So at each step along the way, you’ve got a bank processing the money I’m trying to get to you and probably charging a fee for it. I do business in Canada. I’m connected to a couple of companies there. Anytime they try to transfer money to me or vice versa, I get these whopping fees, $200 transfers and $30 fee. That’s intermediation.

With a blockchain, I could just transfer it directly to you in Canada. And there would not be any cost. That is a potential for this technology. That’s what I mean by intermediation.

Banks make tons of money off of payments. The clearing houses make tons of money off of clearing and settling securities and derivatives, futures, options, et cetera. And they are threatened by this.

Lizzie: And that must stick with you, given everything that you oversaw when you were at the FDIC.

Sheila: Oh, absolutely. And because of this intermediate system, you need these large dominant institutions that have a reach into Europe and Canada and South America, et cetera, that have the capacity to take millions of payments and process them.

So that’s one of the reasons you need these very large institutions. But maybe we don’t need them. That’s what cryptocurrency is all about.

Lizzie: How did you first get interested in cryptocurrency?

Taking friction out of the financial system

Sheila: I was approached to be on the board of a company called Paxos some time ago. And they had a vision, and still do, to try to get a lot of the frictions that I was mentioning earlier out of the system. Not just in terms of intermediating payments, which is really important at the grassroots level, at the working family level, but also at a macro-system stability level—getting all these frictions, this intermediation and centralized intermediation, out of this system.

That was when I was first exposed to blockchain and the promise of blockchain. And I’m still very bullish on blockchain technology—not so much on some of the assets that are traded on blockchain. Don’t own bitcoin. Don’t own dogecoin. Tell people to stay away from it. You know, there’s a lot of silly stuff out there that people were making a lot of money on, and losing money on, too.

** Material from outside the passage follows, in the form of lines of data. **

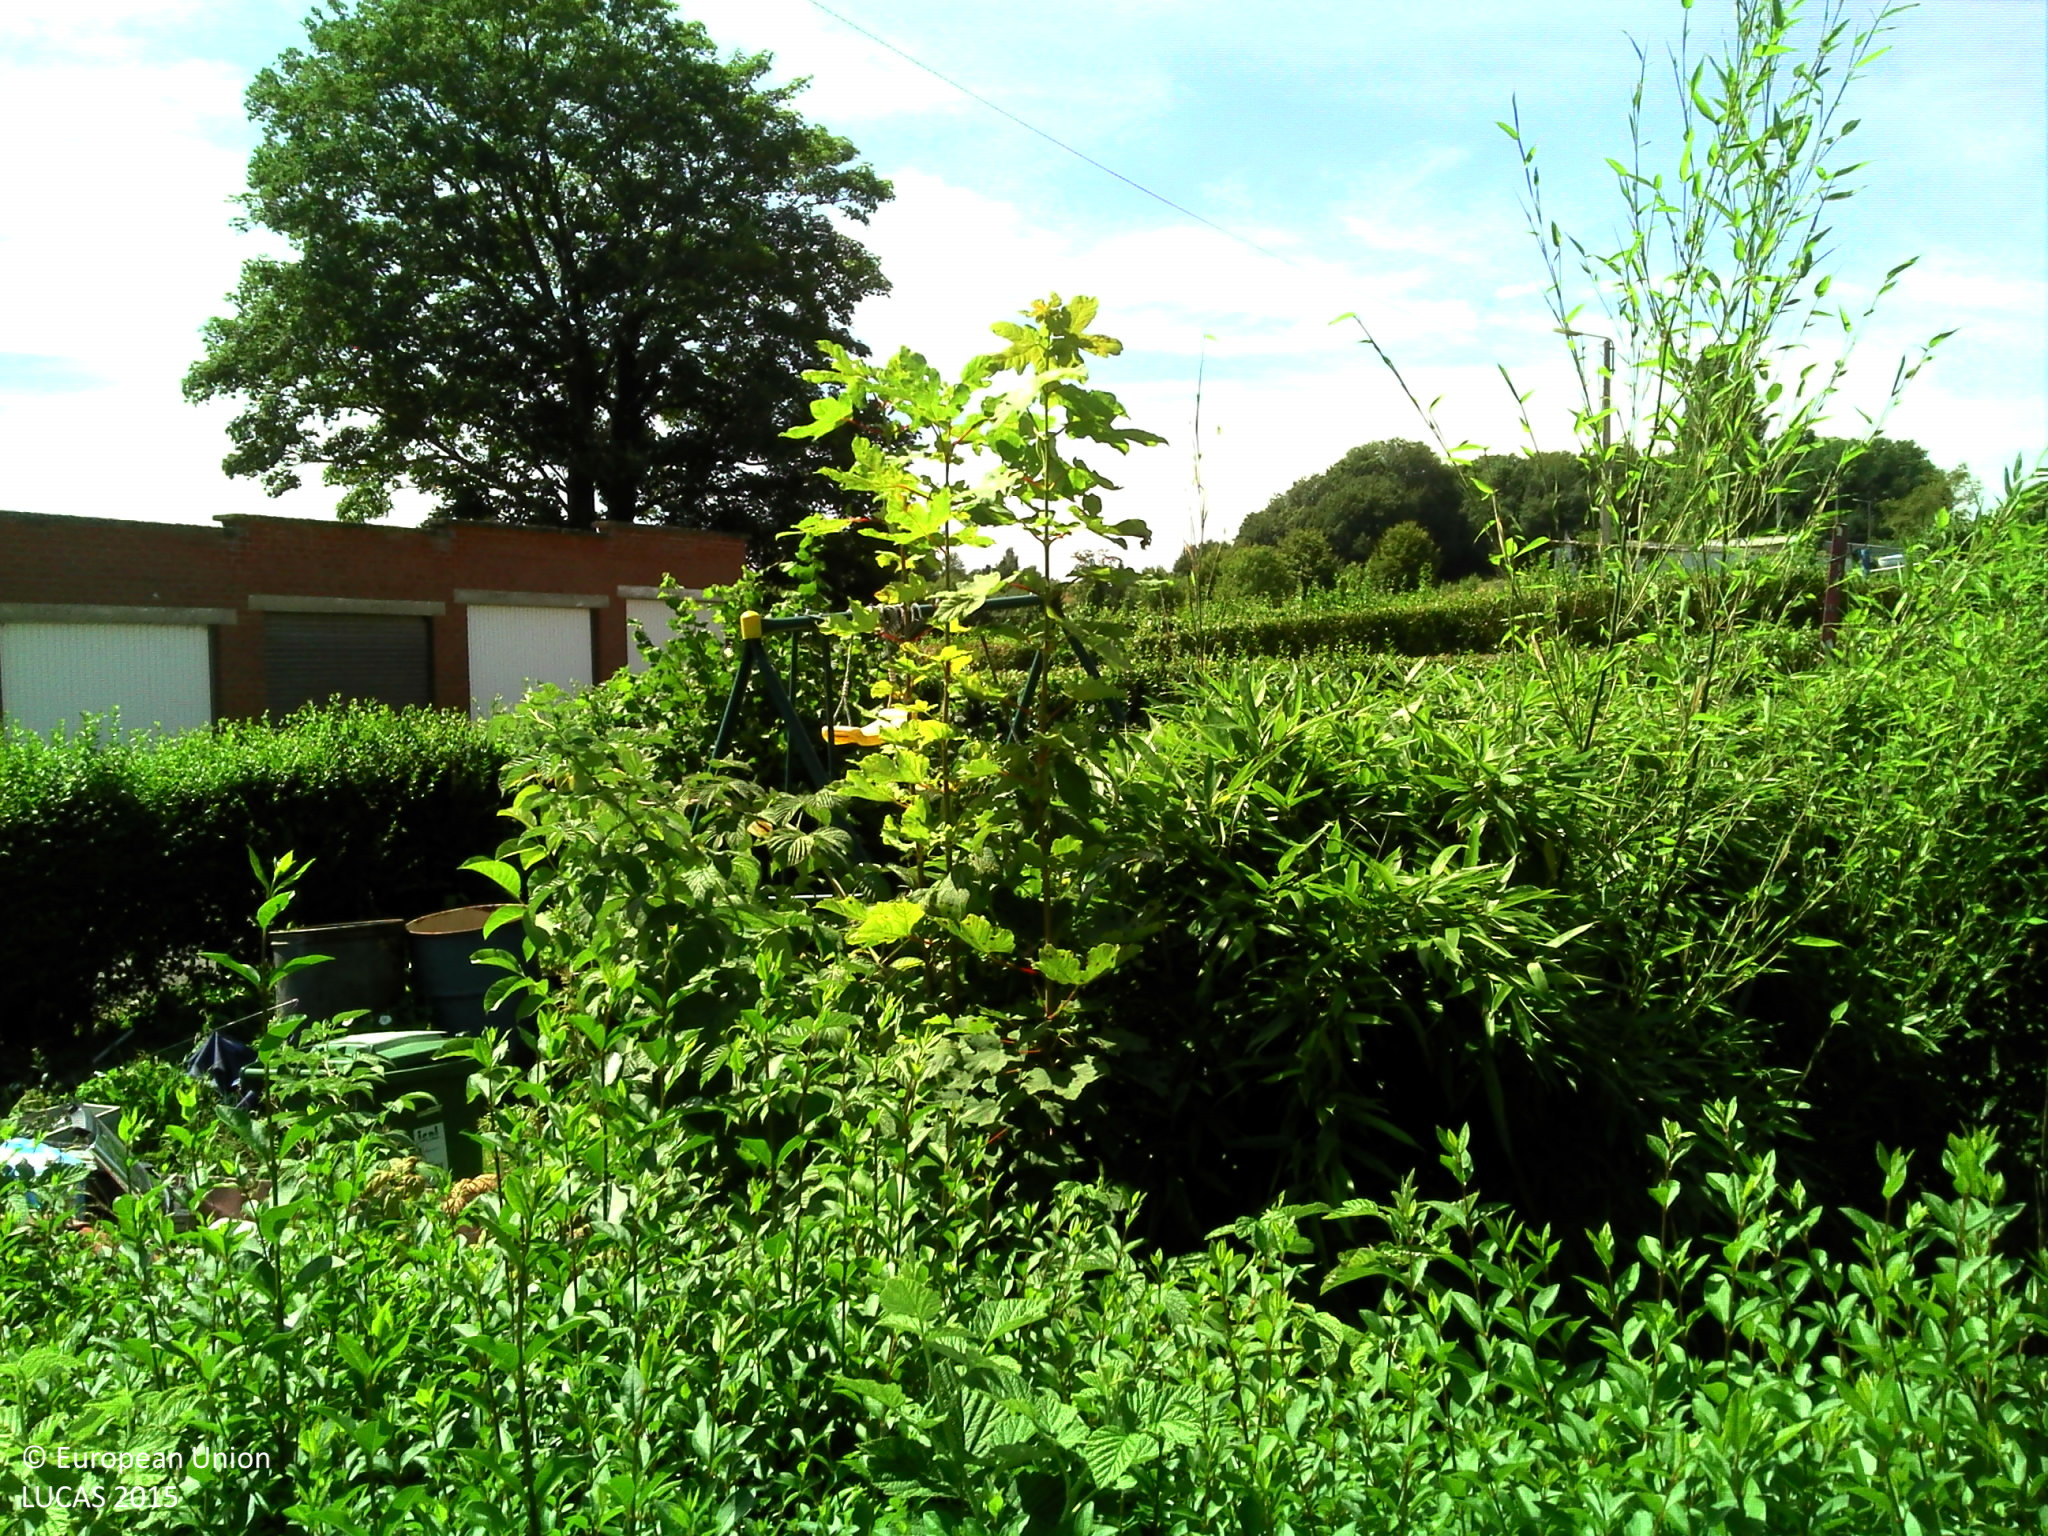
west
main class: Grassland
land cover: Grassland without tree/shrub cover
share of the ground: > 75 %
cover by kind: herbaceous plants 100 %
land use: Residential
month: August
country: BE
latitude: 50.3593
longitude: 4.5280

I stay away from that. Because I don’t understand what the real value is behind those assets. But I do believe in the technology a lot, and I think the best is yet to come in terms of deploying those technologies to help people at the household level.

Getting real with blockchain

Lizzie: You are articulating a need for faster payments, ease of financial transaction, without a lot of clogging up the wheels for regular people.

But then at the same time, I think that cryptocurrency is often thought of as not for regular people—that these are assets with huge value swings and held by sophisticated investors. Are people really willing to take a risk? So how do you occupy the middle between those things?

Sheila: So, I think you need to separate the technology. The blockchain is a platform for making transfers or recording ownership with assets that trade on those platforms. The assets, I’m very troubled by. I don’t own any of it. It’s too volatile for me. I don’t want to risk losing my money like that. I like safe investments.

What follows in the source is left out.